Thrad follows the AdCP design choice: their bidding system prioritizes user experience over the highest payer. That could prove to be a guardrail against the pay-to-play dynamics that degraded search and e-commerce.
A chance for a fresh start
High-intent conversational advertising has the potential to be more relevant and helpful than anything currently available. Users provide far more context to their AI companions than to a search box, so the signals are stronger, and the user is actively engaged rather than passively scrolling. That’s valuable to advertisers. But to be effective rather than creepy, we’ll need different creative approaches, different measurement frameworks, and different expectations about how advertising functions.

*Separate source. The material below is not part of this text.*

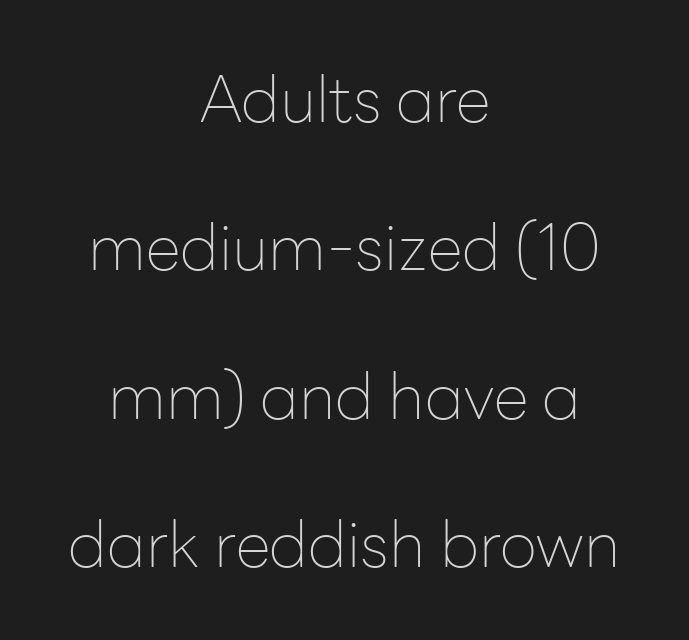
{"serif": "no", "italic": "no", "bold": "no", "weight": "thin", "width": "normal", "stroke_contrast": "low", "x_height": "medium", "monospaced": "no", "underline": "no", "align": "center", "line_spacing": "loose", "line_spacing_ratio": 2.32, "letter_spacing": "normal", "letter_spacing_em": 0.0, "glyph_px": 64}
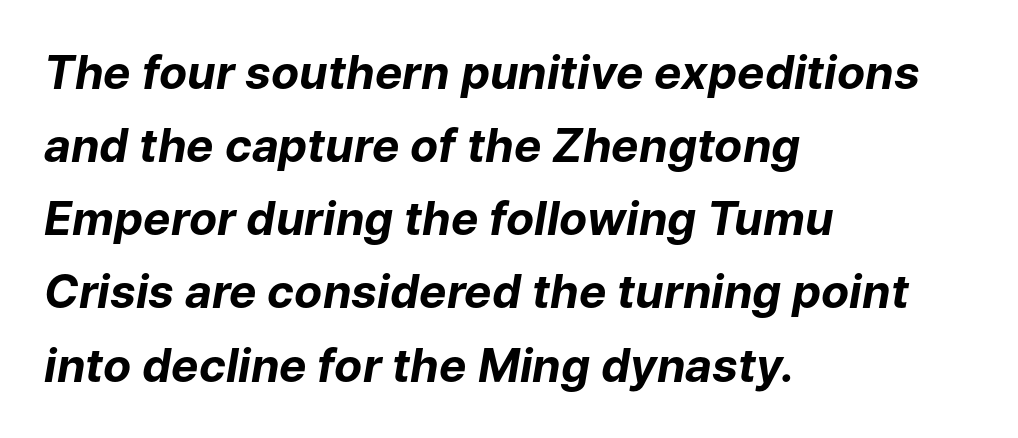
{"italic": "yes", "lean": "right", "slant_degrees": 9, "bold": "yes", "weight": "bold", "width": "normal", "stroke_contrast": "low", "x_height": "medium", "monospaced": "no", "underline": "no", "align": "left", "line_spacing": "normal", "line_spacing_ratio": 1.59, "letter_spacing": "normal", "letter_spacing_em": 0.0, "glyph_px": 46}
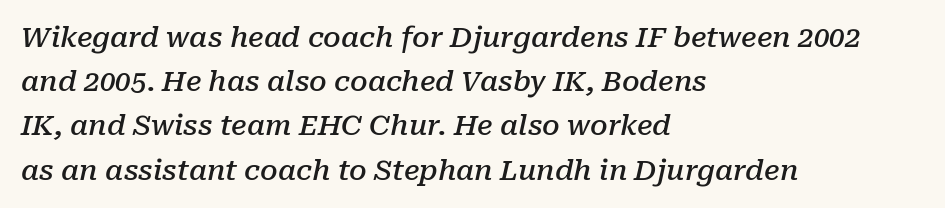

For retail media networks, specifically – and I’ll explore this more deeply in a future column – the implications are more fraught. When AI intercepts purchase intent before a shopper ever reaches a retailer’s website, the entire business model generating those on-site ads is threatened. And while the offsite audience extension capabilities from retailers can offer strong signals to advertisers, it may pale in comparison to what an AI model could offer.
But for the broader marketing ecosystem, the arrival of advertising in AI may not be the catastrophe many fear. Perhaps it’s an opportunity to rebuild advertising infrastructure on better principles—assuming the industry is willing to learn from its mistakes.